Surgical treatment of tetralogy of Fallot is aimed at closing the ventricular septal defect and eliminating obstruction of the right ventricular outflow tract. In the presence of severe hypoplasia of the pulmonary valve ring, massive infundibulectomy and transannular repair are required, which leads to the development of severe pulmonary regurgitation [15]. The latter leads to chronic volume overload of the right ventricle, leading to progressive dilatation and dysfunction of the right ventricle [6, 7, 15, 16]. Over time, patients have reduced exercise tolerance, develop atrial and ventricular arrhythmias, and also have a high risk of sudden cardiac death within 3–4 decades of life [17].

In the case of correction of tetralogy of Fallot with anomalies of the coronary arteries, the branches of which cross the outflow tract of the right ventricle, the only available option is conduit implantation. Over time, deformation and stenosis of the conduit occurs, which, due to pressure overload, leads to concentric hypertrophy of the right ventricle, increased diastolic pressure in its cavity and increased pressure in the right atrium [7]. Pressure overload and right ventricular hypertrophy are risk factors for poor outcome, including sustained ventricular tachycardia and sudden cardiac death in the long term after radical correction of tetralogy of Fallot [18].

Timing of pulmonary valve implantation

Currently, there are a large number of publications that note the connection between dilatation and dysfunction of the right ventricle in the long-term period with severe pulmonary regurgitation [6, 7, 15, 16, 19] (see figure).

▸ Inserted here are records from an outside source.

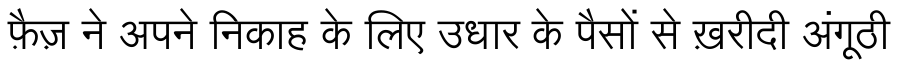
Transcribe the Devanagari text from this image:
फ़ैज़ ने अपने निकाह के लिए उधार के पैसों से ख़रीदी अंगूठी
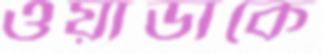
ওয়াডাকে
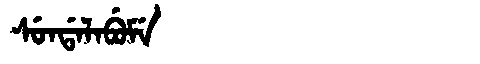
Manchu: ᠰᡠᠨᡩᠠᠯᠠᠪᡠᠮᡝ
Romanization: SUNDALABUME
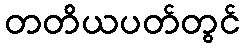
တတိယပတ်တွင်
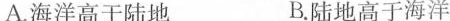
A.海洋高于陆地 B.陆地高于海洋

Particular attention is paid to the optimal timing of treatment of pulmonary regurgitation. Surgical treatment is indicated for patients with clinical symptoms, while relatively asymptomatic processes are not observed in generally accepted tactics. Proponents of early correction rely on the pathogenetic influence of residual regurgitation of systemic valves on the ventricles of the heart. Experience in studying the mechanism of action of chronic aortic insufficiency on the left ventricle shows that after a compensatory phase, which lasts for many years, a decompensation phase begins - irreversible changes in the myocardium develop, characterized by its dysfunction and even the formation of scars. Taking this into account, treatment of chronic pulmonary valve insufficiency should be carried out in the early stages, before the development of irreversible changes in the myocardium at the cellular level.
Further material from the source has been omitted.